## TASK TO COMPLETE
Return all the entries below exactly as they were given.

SOURCE RECORDS Block Start

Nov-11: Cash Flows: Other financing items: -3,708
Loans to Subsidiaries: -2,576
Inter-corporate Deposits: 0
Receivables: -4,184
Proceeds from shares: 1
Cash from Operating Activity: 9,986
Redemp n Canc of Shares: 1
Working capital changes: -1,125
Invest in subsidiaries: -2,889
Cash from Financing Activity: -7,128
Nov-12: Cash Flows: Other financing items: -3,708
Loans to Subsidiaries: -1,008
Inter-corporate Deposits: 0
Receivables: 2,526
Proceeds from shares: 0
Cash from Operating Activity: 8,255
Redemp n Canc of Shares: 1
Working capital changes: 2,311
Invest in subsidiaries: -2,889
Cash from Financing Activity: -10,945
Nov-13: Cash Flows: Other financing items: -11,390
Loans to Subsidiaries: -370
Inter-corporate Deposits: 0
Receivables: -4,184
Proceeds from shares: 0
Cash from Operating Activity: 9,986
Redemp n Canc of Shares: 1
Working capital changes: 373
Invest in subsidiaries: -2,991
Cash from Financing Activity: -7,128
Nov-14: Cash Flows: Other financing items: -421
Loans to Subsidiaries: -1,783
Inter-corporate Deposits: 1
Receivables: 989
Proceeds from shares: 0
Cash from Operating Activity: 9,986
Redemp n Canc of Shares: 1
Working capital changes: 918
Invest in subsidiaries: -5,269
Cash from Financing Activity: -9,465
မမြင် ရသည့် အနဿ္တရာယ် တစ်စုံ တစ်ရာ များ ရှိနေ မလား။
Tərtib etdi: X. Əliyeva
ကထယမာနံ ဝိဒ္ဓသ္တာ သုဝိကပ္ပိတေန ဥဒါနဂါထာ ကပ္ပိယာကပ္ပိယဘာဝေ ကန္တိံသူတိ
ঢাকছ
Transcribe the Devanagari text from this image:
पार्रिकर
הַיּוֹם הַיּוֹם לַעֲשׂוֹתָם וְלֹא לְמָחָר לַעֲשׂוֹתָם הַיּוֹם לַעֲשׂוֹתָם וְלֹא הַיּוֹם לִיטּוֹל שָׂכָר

SOURCE RECORDS Block End

## RESPONSE BOX
Nov-11: Cash Flows: Other financing items: -3,708
Loans to Subsidiaries: -2,576
Inter-corporate Deposits: 0
Receivables: -4,184
Proceeds from shares: 1
Cash from Operating Activity: 9,986
Redemp n Canc of Shares: 1
Working capital changes: -1,125
Invest in subsidiaries: -2,889
Cash from Financing Activity: -7,128
Nov-12: Cash Flows: Other financing items: -3,708
Loans to Subsidiaries: -1,008
Inter-corporate Deposits: 0
Receivables: 2,526
Proceeds from shares: 0
Cash from Operating Activity: 8,255
Redemp n Canc of Shares: 1
Working capital changes: 2,311
Invest in subsidiaries: -2,889
Cash from Financing Activity: -10,945
Nov-13: Cash Flows: Other financing items: -11,390
Loans to Subsidiaries: -370
Inter-corporate Deposits: 0
Receivables: -4,184
Proceeds from shares: 0
Cash from Operating Activity: 9,986
Redemp n Canc of Shares: 1
Working capital changes: 373
Invest in subsidiaries: -2,991
Cash from Financing Activity: -7,128
Nov-14: Cash Flows: Other financing items: -421
Loans to Subsidiaries: -1,783
Inter-corporate Deposits: 1
Receivables: 989
Proceeds from shares: 0
Cash from Operating Activity: 9,986
Redemp n Canc of Shares: 1
Working capital changes: 918
Invest in subsidiaries: -5,269
Cash from Financing Activity: -9,465
မမြင် ရသည့် အနဿ္တရာယ် တစ်စုံ တစ်ရာ များ ရှိနေ မလား။
Tərtib etdi: X. Əliyeva
ကထယမာနံ ဝိဒ္ဓသ္တာ သုဝိကပ္ပိတေန ဥဒါနဂါထာ ကပ္ပိယာကပ္ပိယဘာဝေ ကန္တိံသူတိ
ঢাকছ
Transcribe the Devanagari text from this image:
पार्रिकर
הַיּוֹם הַיּוֹם לַעֲשׂוֹתָם וְלֹא לְמָחָר לַעֲשׂוֹתָם הַיּוֹם לַעֲשׂוֹתָם וְלֹא הַיּוֹם לִיטּוֹל שָׂכָר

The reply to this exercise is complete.